The lines below, beginning at the one that contains "country: SE" and ending at the last, are to be retyped exactly.

********

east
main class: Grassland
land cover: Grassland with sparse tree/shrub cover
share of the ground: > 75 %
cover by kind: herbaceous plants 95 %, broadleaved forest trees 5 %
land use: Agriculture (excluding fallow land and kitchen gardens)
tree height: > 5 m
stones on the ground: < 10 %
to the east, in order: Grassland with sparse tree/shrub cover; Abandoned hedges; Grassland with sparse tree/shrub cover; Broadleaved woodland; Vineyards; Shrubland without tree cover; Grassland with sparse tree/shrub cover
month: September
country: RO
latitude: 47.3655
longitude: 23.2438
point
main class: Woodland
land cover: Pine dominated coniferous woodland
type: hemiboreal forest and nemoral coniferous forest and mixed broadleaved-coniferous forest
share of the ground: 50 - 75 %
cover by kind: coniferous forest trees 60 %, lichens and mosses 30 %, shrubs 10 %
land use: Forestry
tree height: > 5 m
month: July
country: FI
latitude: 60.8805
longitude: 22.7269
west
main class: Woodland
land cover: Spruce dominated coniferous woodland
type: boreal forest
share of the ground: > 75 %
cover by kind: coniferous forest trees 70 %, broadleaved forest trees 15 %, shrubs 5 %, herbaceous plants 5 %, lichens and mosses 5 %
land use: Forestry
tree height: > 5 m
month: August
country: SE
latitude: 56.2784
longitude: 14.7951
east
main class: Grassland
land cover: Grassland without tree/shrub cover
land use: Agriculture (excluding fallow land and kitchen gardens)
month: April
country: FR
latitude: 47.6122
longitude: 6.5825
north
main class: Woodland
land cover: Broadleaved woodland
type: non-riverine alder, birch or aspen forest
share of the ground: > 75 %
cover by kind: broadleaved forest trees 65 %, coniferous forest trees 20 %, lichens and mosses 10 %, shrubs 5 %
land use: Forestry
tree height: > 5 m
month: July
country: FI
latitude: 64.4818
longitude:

********

EXERCISE SOLUTION
country: SE
latitude: 56.2784
longitude: 14.7951
east
main class: Grassland
land cover: Grassland without tree/shrub cover
land use: Agriculture (excluding fallow land and kitchen gardens)
month: April
country: FR
latitude: 47.6122
longitude: 6.5825
north
main class: Woodland
land cover: Broadleaved woodland
type: non-riverine alder, birch or aspen forest
share of the ground: > 75 %
cover by kind: broadleaved forest trees 65 %, coniferous forest trees 20 %, lichens and mosses 10 %, shrubs 5 %
land use: Forestry
tree height: > 5 m
month: July
country: FI
latitude: 64.4818
longitude:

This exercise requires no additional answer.